Cette application stricte trouve sa justification dans les exigences du procès équitable. Le grief de dénaturation constitue un moyen de cassation admis contre les arrêts d’appel. Il sanctionne une interprétation contraire à la teneur claire et précise d’un acte. La Cour de cassation exerce ici un pouvoir de censure pleinement justifié. La lettre de la sage-femme était un élément central du débat. Son contenu pouvait influencer directement la qualification juridique des faits. En écartant sans raison valable une portion déterminante de l’écrit, la cour d’appel a privé sa décision de base légale. La Haute juridiction remplit ainsi son office unificateur. Elle veille à ce que les règles de droit probatoire soient uniformément appliquées. Cette vigilance est particulièrement cruciale en matière médicale. Les enjeux humains et indemnitaires y sont considérables. La précision dans l’examen des preuves s’impose donc avec une acuité renforcée.
**II. La portée de la décision sur l’appréciation de la faute du personnel médical**
Au-delà de l’aspect probatoire, l’arrêt a une incidence substantielle sur le droit de la responsabilité médicale. La solution insiste sur le lien entre la connaissance d’un facteur de risque et l’existence d’une faute. La cour d’appel avait dissocié ces deux éléments. Elle avait reconnu que la rupture artificielle des membranes n’était « pas médicalement indiquée dans un contexte d’excès de liquide amniotique ». Pourtant, elle en avait déduit l’absence de faute en raison d’une prétendue méconnaissance de ce contexte. La Cour de cassation casse ce raisonnement. Elle estime que la preuve de la connaissance était bien apportée par l’écrit. La faute devient ainsi établie. L’arrêt réaffirme une exigence de cohérence dans le raisonnement judiciaire. La qualification d’un acte comme non conforme aux données de la science dépend des circonstances. La connaissance de ces circonstances par le professionnel est un préalable essentiel. Dès lors que cette connaissance est établie, l’acte déviant peut être qualifié de fautif.
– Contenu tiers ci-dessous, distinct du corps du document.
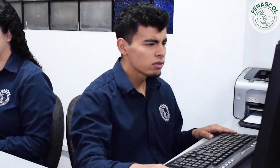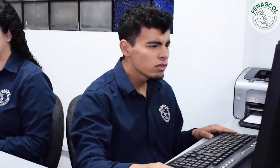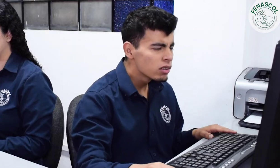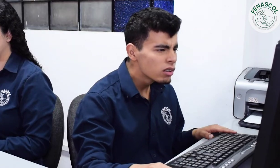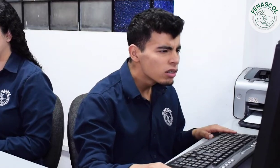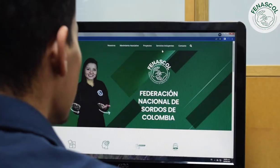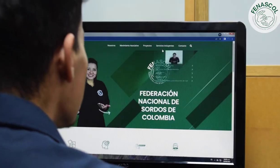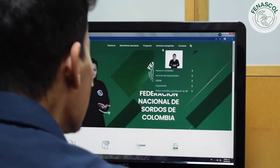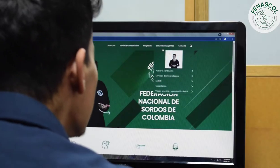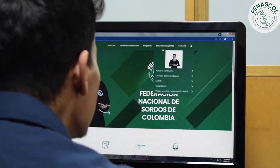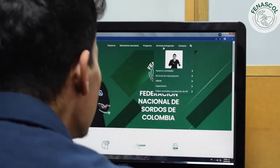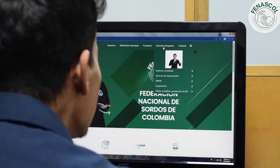¿Qué es eso?
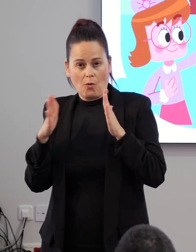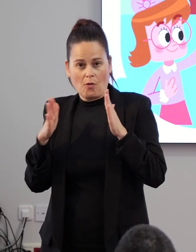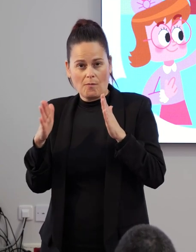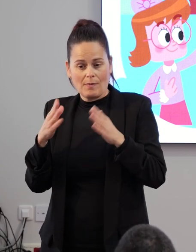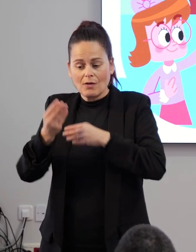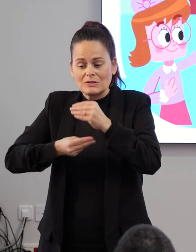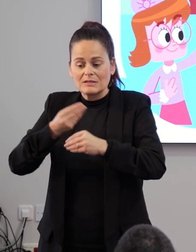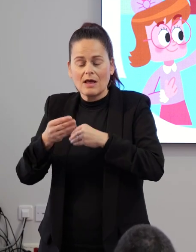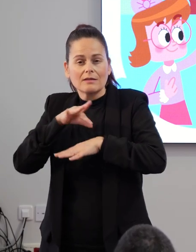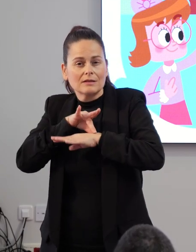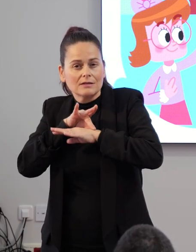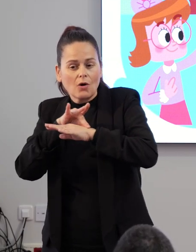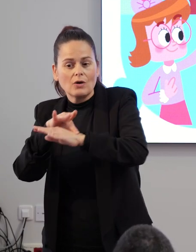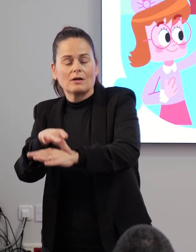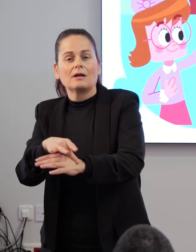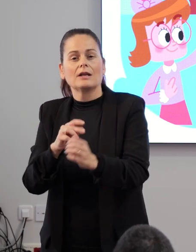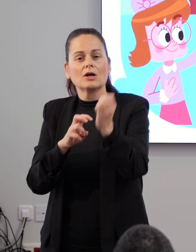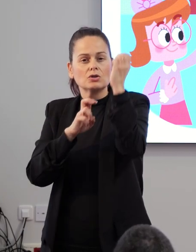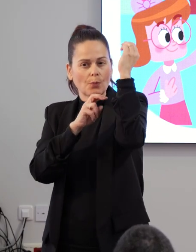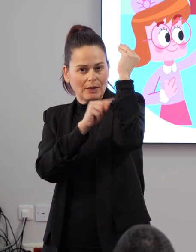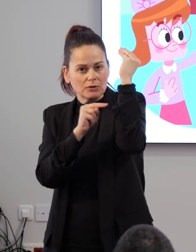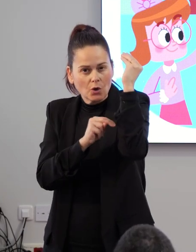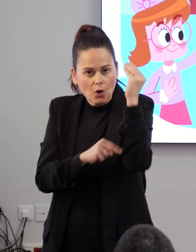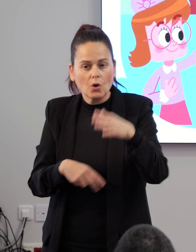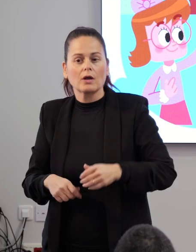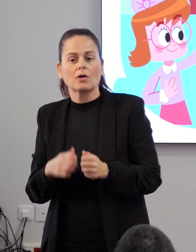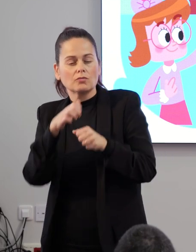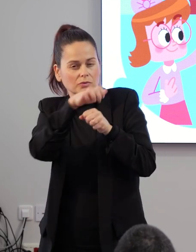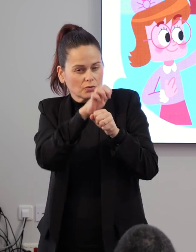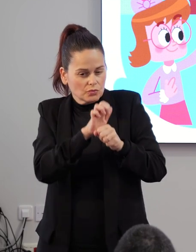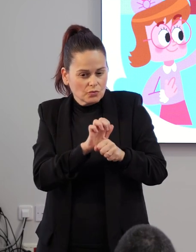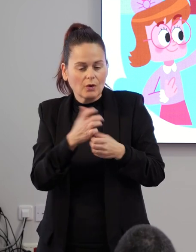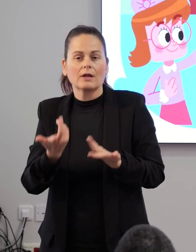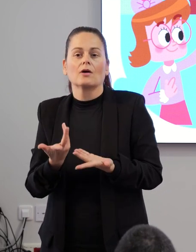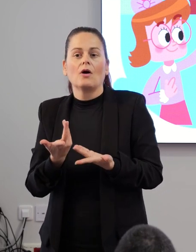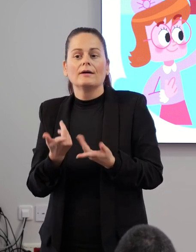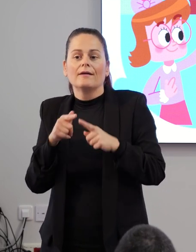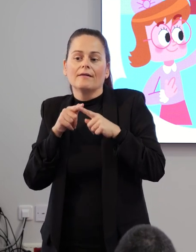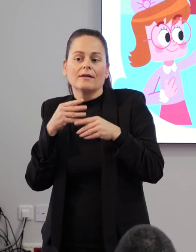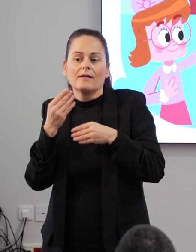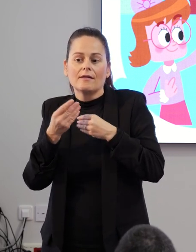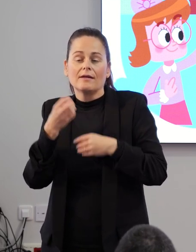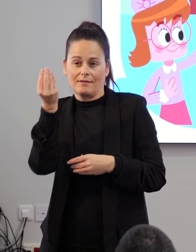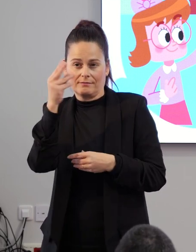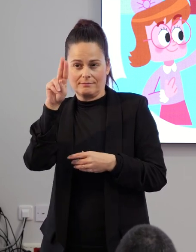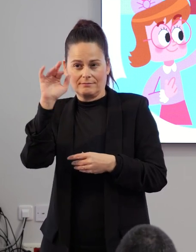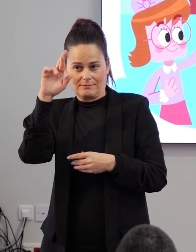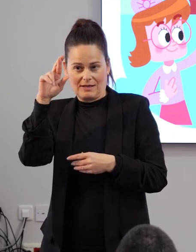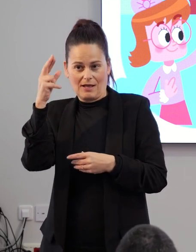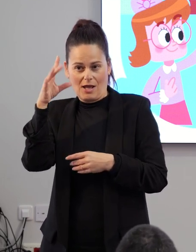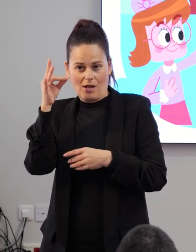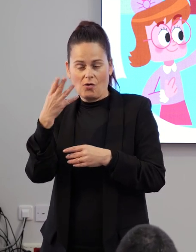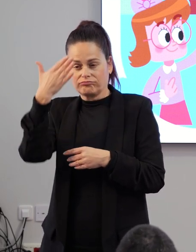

Cette décision renforce les obligations d’information et de coordination au sein des équipes médicales. La sage-femme avait pris en charge la patiente en cours de travail. La connaissance du dossier, incluant l’excès de liquide amniotique, lui était imputable. La clinique, en sa qualité d’employeur, en répondait. La Cour de cassation valide implicitement ce raisonnement. Elle rappelle que les établissements de santé doivent garantir une transmission efficace des informations cliniques. Tout manquement à cette obligation engage leur responsabilité. La solution s’inscrit dans une jurisprudence exigeante. Elle protège les patients contre les erreurs liées à des discontinuités dans les soins. L’arrêt renvoie l’affaire devant la cour d’appel de Nîmes. Celle-ci devra, sur la base des mêmes éléments, caractériser la faute et établir un lien de causalité. La censure opérée guide donc directement la future décision sur le fond. Elle influence durablement l’appréciation des manquements aux obligations professionnelles.